The Court of Appeals for the Federal Circuit ruled March 11 that the Merit Systems Protection Board, an independent agency that evaluates the removal of federal employees, did not correctly evaluate the case of Fernando Santos, who had worked at NASA for 18 years when he was removed from his position in 2018. The court remanded Santos’ case, appealing his removal from his job, back to the board for reconsideration.
Santos, a Navy engineering duty officer with over 20 years of service, had had a distinguished career at NASA, preceded by several years working for the agency as a contractor, according to court summaries. He’d worked as the lead engineer on projects, including the space shuttles Endeavour (OV-105), Atlantis (OV-104), and Discovery (OV-103), and had received NASA’s prestigious Silver Snoopy award, which recognizes exceptional service beyond duty requirements that contributes to mission success. Only 1% of eligible recipients receive the award.
Santos’ career appeared to take a turn, however, in 2017, when he joined the Ground Systems Branch in the Commercial Systems Division of the Engineering Directorate at John F. Kennedy Space Center in Florida as a mechanical engineer. According to Santos’ testimony to the Merit Systems Protection Board, his new supervisor at the job seemed to have a problem with his taking military leave, which he did for up to eight weeks at a time.

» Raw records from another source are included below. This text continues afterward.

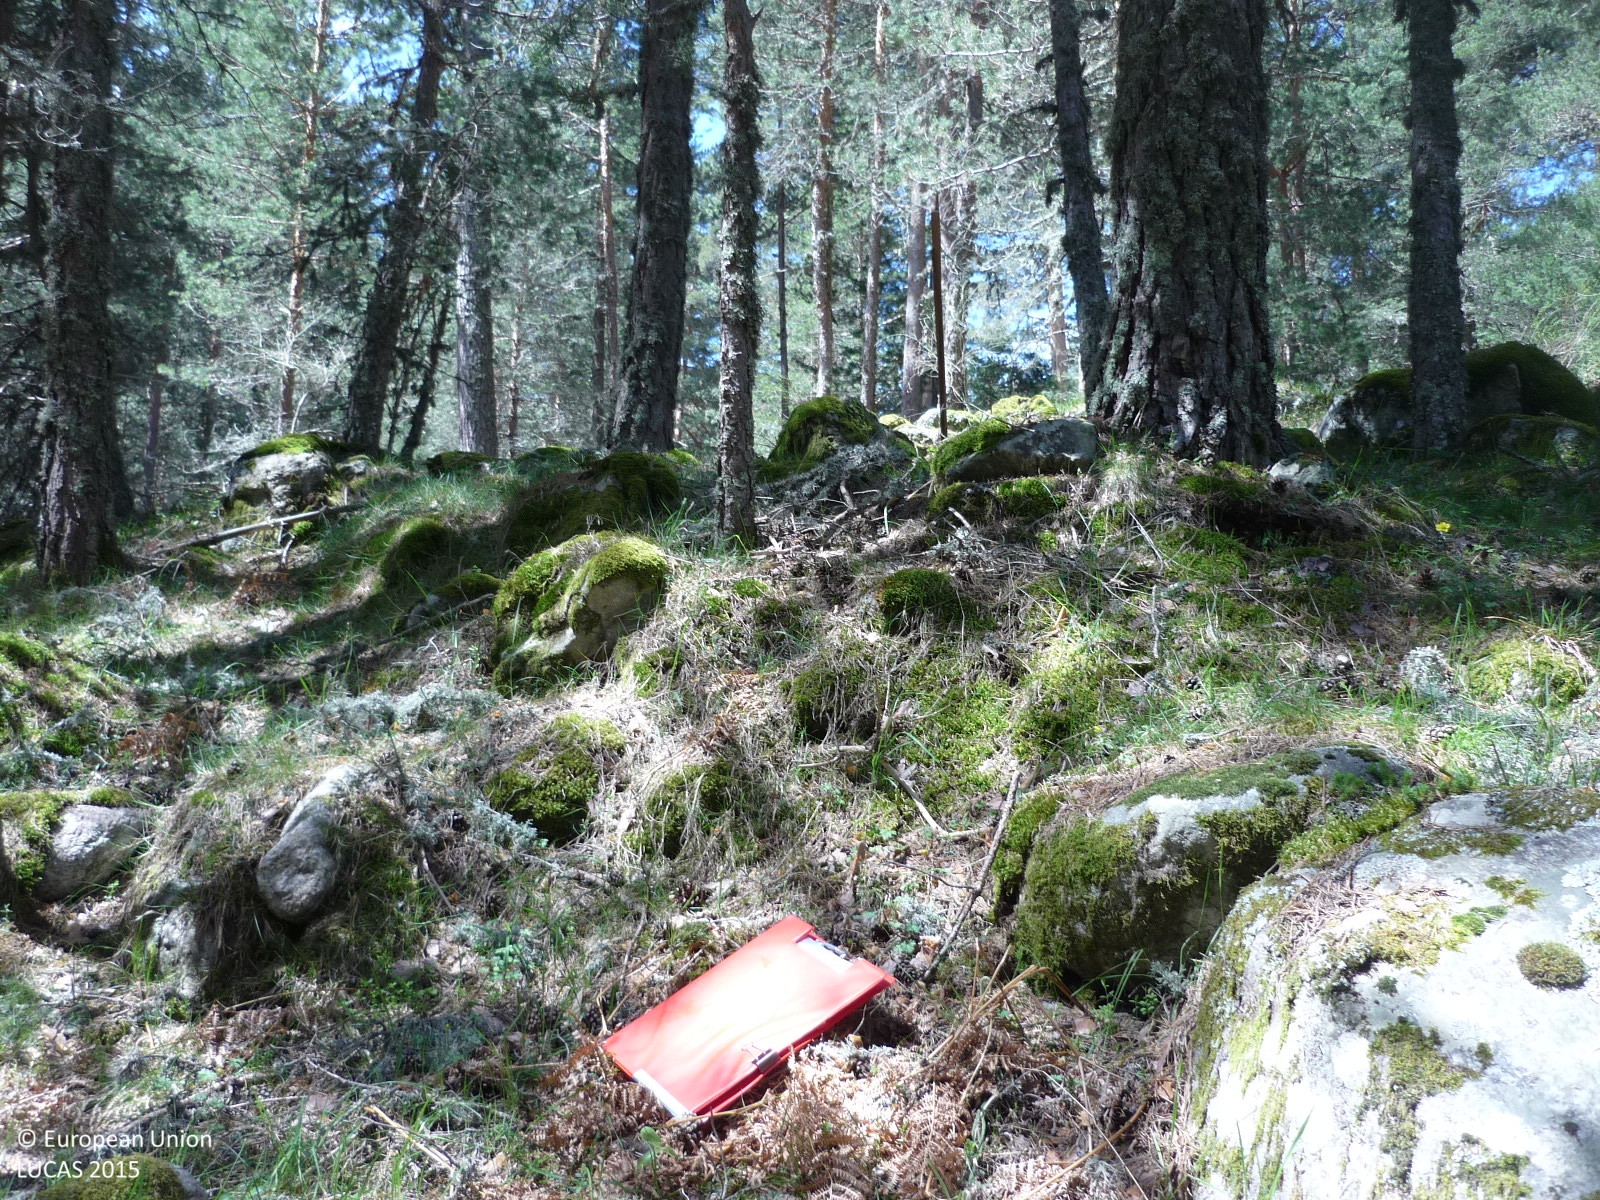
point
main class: Woodland
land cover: Pine dominated coniferous woodland
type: coniferous forest of the mediterranean region
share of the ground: > 75 %
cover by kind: coniferous forest trees 85 %, shrubs 10 %, herbaceous plants 5 %
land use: Forestry
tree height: > 5 m
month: May
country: ES
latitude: 40.8256
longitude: -3.9308
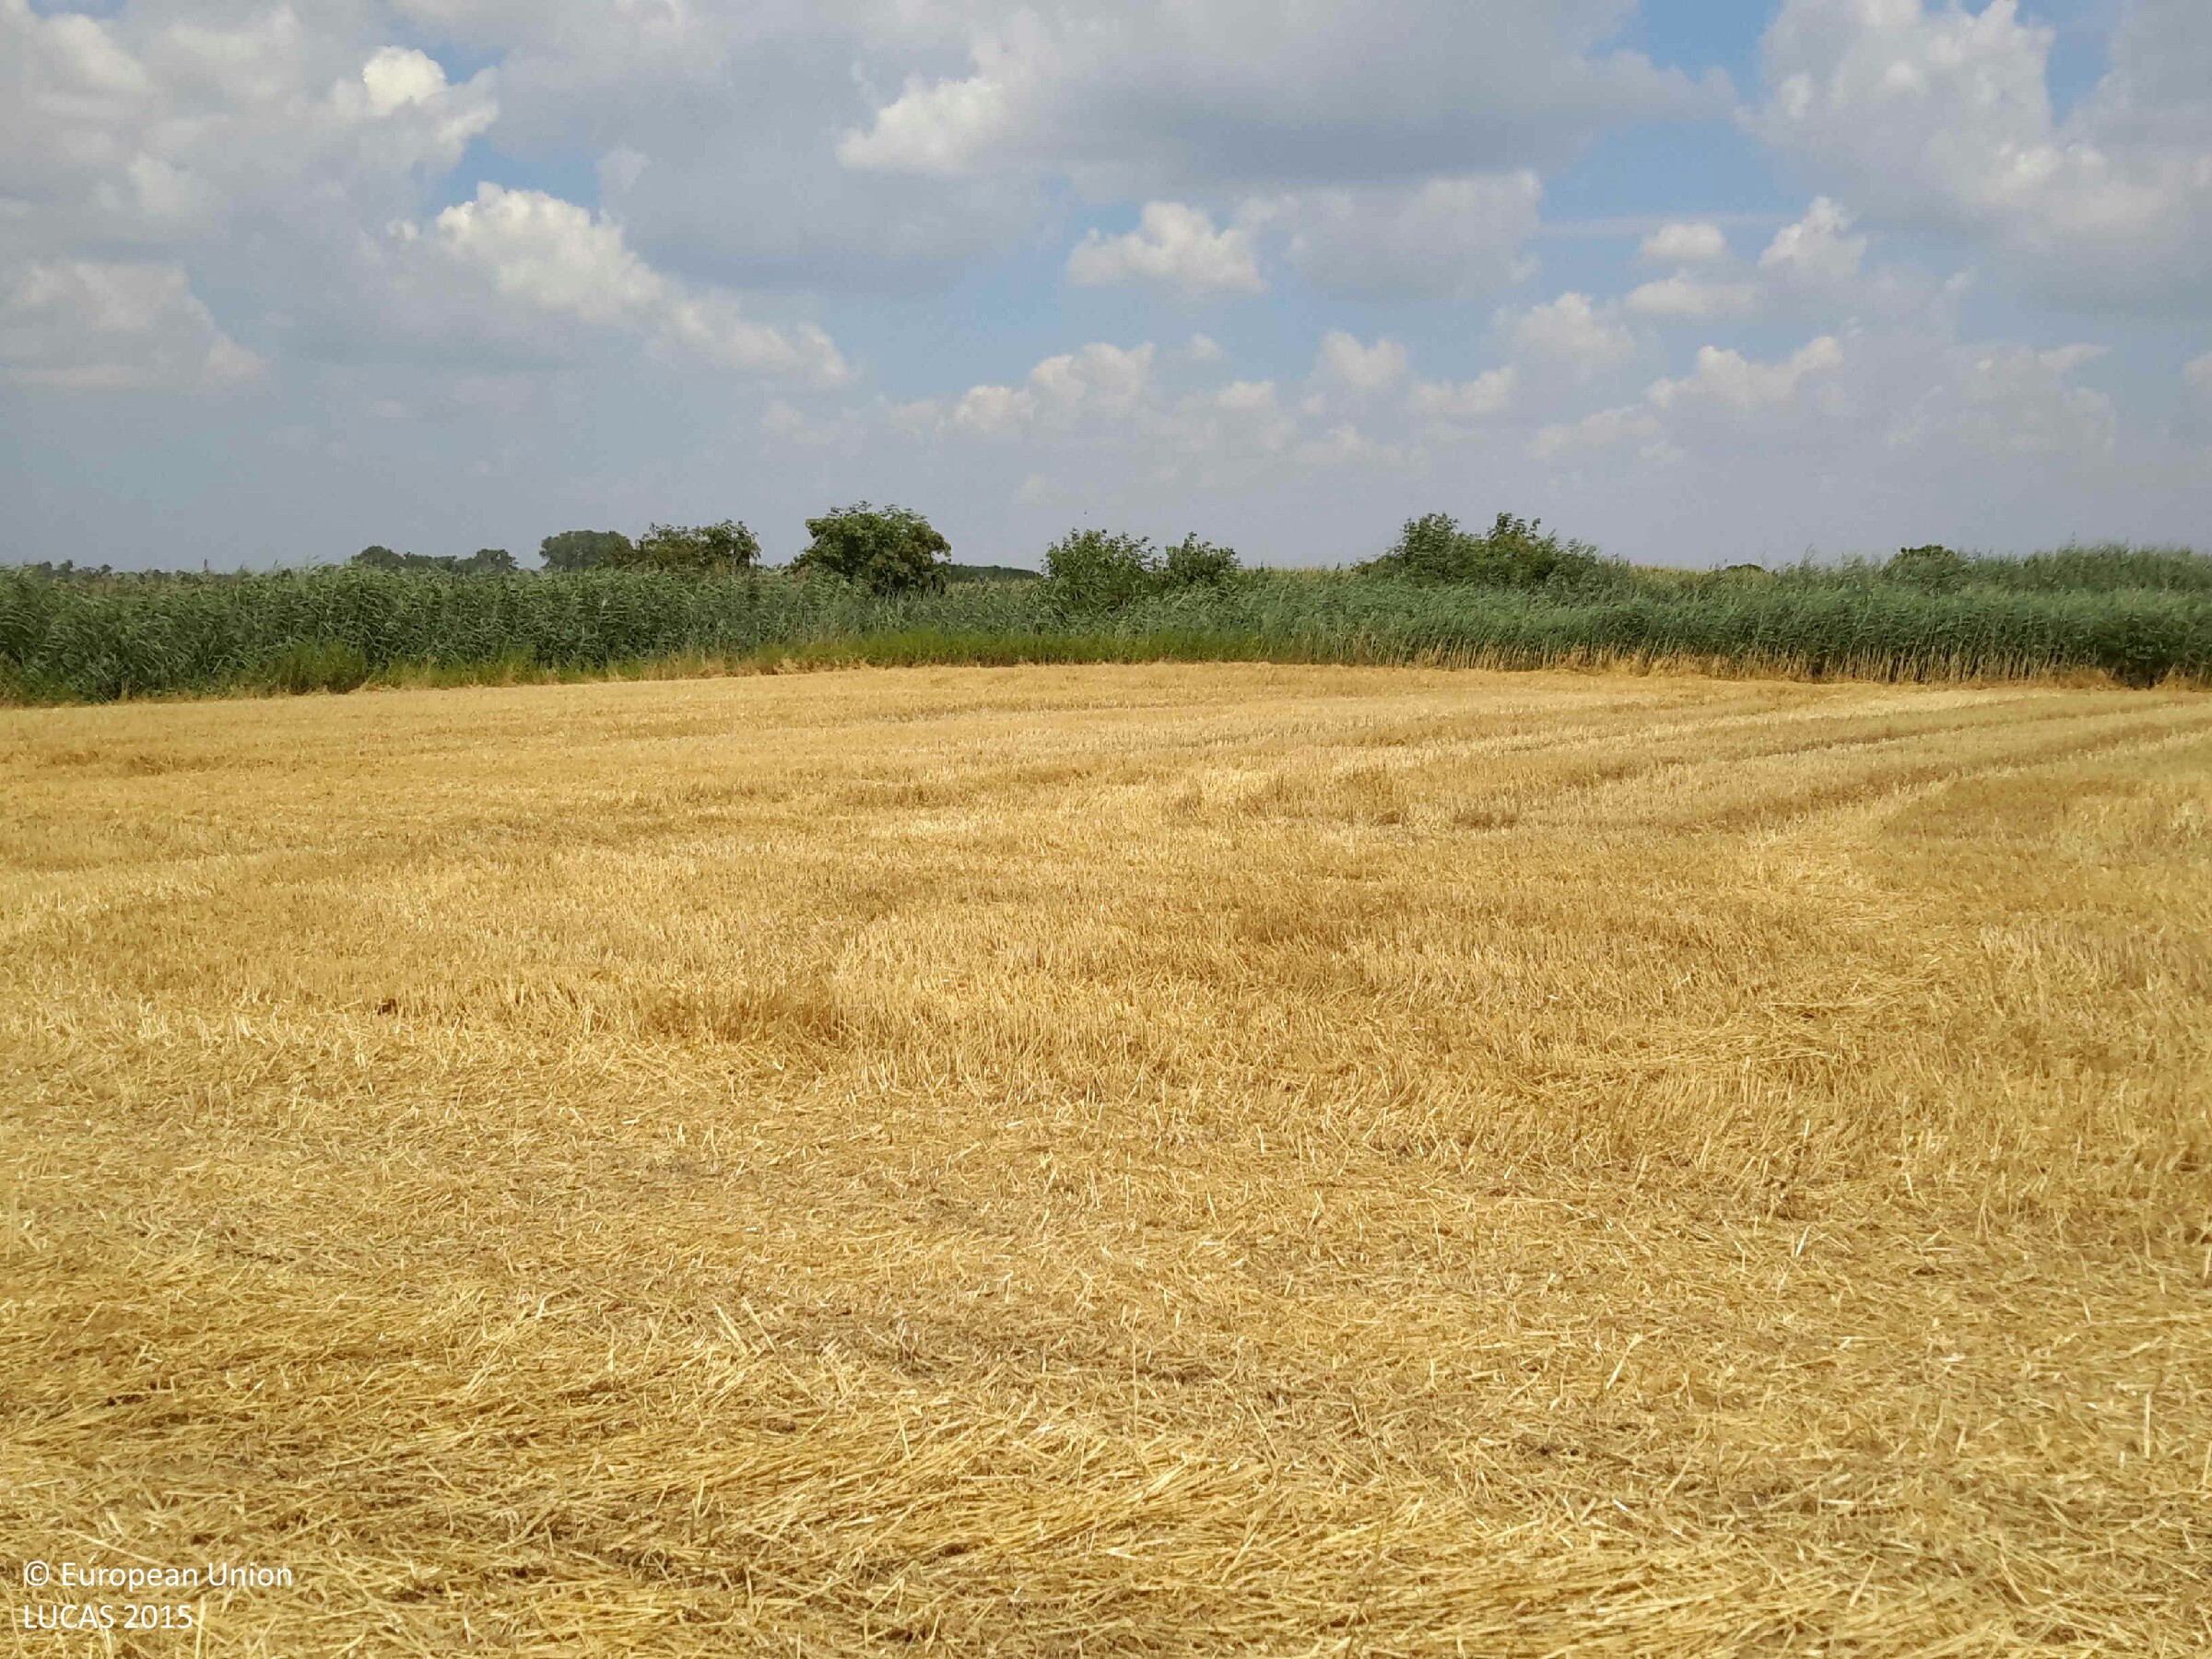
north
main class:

“Before the Board, Santos testified that, although he ‘had never had problems with his use of military leave previously, he noticed as the year progressed that [his supervisor] was routinely taking a longer amount of time to approve his use of military leave,'” Circuit Judge Kathleen O’Malley wrote for the court.
Santos also claimed that he was held accountable for meetings he missed because he was on leave, including those scheduled after he’d requested the time out. In one case in November 2017, Santos said, he was tasked with compiling a report that required knowledge of a meeting that happened while he was out.
“Although Santos eventually obtained a copy of the meeting minutes and submitted the report, [the supervisor] informed Santos that the report was unsatisfactory and asked another employee to redo Santos’s work,” O’Malley wrote.
In early 2018, Santos received a “Letter of Instruction” regarding proper use of leave and recording work hours, just a day after he’d had another military leave request approved. According to the court’s summary, this was followed by a series of reprimands over the next several months as Santos was held accountable for information shared in meetings held while he was out, and once for a lapsed training that he completed two days after returning from leave.
The cycle culminated, according to the court, with Santos’ supervisor placing him on a performance improvement plan, or PIP, for 45 days. The PIP included 11 assignments and entailed multiple meetings between Santos and his supervisor to evaluate progress. At the end of the period, which also included some military leave, Santos’ performance was deemed to be unacceptable, and he was removed from his job Sept. 26, 2018.
Santos appealed to the board, saying that his firing violated the Uniformed Services Employment and Reemployment Rights Act, which protects Guard and reserve members from losing their jobs or facing workplace discrimination because of the requirements of their military duties.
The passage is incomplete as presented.